>>>
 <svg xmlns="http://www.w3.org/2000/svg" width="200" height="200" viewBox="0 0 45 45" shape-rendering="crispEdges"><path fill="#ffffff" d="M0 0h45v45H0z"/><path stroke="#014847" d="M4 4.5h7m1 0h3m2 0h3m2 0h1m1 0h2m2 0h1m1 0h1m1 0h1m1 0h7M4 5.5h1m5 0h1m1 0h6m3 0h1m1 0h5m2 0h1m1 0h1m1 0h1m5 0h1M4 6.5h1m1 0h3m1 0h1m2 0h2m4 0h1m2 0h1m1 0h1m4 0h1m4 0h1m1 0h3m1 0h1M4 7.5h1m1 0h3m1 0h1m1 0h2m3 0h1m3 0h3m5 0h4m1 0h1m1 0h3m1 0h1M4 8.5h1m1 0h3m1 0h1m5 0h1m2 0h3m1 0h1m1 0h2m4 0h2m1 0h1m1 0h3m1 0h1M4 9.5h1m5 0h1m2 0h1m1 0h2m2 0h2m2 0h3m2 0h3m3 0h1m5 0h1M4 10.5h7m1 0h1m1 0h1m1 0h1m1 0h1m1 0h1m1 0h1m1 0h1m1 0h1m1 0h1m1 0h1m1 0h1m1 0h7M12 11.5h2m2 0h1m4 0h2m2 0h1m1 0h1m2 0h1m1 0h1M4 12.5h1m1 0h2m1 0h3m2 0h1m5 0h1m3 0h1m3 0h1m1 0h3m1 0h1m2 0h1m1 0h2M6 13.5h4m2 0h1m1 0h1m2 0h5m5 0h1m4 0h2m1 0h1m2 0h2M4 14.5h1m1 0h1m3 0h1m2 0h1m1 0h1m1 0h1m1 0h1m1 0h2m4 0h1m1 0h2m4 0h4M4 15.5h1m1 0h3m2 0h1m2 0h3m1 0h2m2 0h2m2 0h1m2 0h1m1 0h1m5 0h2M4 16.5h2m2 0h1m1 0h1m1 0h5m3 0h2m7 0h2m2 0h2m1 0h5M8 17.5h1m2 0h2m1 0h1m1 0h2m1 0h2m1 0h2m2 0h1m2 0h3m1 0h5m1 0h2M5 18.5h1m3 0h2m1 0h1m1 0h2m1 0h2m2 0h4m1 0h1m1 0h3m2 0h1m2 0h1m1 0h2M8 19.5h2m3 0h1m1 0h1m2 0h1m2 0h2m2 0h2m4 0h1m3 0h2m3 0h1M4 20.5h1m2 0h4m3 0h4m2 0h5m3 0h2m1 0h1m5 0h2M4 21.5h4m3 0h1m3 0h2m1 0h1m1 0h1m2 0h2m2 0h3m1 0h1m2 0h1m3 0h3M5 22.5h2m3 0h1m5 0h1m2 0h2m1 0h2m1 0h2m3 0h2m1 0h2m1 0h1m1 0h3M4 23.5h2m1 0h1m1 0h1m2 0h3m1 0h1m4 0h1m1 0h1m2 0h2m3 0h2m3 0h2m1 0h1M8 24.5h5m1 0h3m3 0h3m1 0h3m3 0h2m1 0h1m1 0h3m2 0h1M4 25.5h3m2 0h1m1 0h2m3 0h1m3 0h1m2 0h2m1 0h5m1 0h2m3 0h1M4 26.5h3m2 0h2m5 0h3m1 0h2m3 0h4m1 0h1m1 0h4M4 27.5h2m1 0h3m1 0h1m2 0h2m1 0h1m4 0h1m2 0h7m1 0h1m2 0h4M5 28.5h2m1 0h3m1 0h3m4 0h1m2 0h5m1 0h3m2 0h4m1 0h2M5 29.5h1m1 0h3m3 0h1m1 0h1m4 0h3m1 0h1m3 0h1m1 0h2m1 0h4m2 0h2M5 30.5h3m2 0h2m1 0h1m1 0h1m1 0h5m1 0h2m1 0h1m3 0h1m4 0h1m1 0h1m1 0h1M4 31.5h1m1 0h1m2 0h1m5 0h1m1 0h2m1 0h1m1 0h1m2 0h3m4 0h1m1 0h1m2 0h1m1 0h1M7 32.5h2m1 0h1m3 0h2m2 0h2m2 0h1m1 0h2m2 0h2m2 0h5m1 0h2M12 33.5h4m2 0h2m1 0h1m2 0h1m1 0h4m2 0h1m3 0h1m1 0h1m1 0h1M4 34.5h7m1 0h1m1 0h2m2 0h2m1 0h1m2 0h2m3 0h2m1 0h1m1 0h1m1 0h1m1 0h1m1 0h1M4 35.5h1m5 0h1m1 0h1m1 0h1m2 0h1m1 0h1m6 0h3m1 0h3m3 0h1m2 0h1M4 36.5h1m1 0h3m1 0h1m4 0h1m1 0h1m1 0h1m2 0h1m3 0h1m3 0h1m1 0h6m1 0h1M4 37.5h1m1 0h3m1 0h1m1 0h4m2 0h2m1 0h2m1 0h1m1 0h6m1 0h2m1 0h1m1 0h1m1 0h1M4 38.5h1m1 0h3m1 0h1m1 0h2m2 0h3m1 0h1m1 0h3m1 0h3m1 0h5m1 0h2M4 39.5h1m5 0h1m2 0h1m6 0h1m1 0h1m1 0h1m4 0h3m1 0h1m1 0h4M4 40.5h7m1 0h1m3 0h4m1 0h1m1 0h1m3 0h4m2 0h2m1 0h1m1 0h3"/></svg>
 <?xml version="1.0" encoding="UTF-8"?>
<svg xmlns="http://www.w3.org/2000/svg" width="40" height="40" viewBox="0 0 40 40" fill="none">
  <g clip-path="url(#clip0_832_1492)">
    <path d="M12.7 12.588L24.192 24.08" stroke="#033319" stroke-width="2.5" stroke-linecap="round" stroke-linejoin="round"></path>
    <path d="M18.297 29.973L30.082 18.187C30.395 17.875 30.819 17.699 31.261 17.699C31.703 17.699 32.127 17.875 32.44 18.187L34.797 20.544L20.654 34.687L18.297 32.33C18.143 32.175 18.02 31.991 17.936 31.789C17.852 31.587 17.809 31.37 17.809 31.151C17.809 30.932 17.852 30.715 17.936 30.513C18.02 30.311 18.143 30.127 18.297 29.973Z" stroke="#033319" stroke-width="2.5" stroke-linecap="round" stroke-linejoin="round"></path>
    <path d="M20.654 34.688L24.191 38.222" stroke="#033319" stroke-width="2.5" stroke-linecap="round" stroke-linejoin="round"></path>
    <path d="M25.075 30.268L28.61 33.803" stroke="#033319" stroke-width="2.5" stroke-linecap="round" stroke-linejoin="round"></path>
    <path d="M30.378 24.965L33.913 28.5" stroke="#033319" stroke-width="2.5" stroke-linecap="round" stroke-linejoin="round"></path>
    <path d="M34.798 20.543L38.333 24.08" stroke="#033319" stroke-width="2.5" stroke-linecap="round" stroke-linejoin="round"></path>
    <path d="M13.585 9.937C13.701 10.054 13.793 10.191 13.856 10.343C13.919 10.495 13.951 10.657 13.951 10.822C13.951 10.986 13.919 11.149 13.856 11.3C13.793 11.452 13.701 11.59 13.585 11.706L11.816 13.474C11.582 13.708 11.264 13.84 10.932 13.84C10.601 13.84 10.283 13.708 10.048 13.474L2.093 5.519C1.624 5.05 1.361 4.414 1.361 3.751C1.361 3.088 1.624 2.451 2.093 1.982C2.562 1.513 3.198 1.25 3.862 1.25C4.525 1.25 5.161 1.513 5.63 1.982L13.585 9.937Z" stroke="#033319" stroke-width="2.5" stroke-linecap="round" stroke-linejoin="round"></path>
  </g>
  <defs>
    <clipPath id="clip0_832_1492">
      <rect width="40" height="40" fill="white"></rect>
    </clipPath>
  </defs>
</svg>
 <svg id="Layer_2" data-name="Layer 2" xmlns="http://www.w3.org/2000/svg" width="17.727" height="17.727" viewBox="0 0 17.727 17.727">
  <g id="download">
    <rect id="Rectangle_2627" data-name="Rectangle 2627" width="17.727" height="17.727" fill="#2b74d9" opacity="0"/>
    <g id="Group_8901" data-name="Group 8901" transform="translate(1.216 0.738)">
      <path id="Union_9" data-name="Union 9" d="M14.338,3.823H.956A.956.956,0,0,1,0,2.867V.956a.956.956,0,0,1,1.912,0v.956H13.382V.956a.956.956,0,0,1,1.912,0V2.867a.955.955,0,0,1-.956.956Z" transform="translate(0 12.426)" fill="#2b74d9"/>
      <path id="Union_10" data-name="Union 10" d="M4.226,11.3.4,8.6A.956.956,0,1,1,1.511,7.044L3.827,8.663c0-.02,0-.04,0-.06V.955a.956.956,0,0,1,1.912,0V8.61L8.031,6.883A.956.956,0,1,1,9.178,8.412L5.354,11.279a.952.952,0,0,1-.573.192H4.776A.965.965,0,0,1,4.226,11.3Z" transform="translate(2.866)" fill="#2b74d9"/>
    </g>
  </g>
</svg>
<<<
Your task —
Say how many lines in the entries contain the string "clipPath", and say nothing else.

Answer box —
2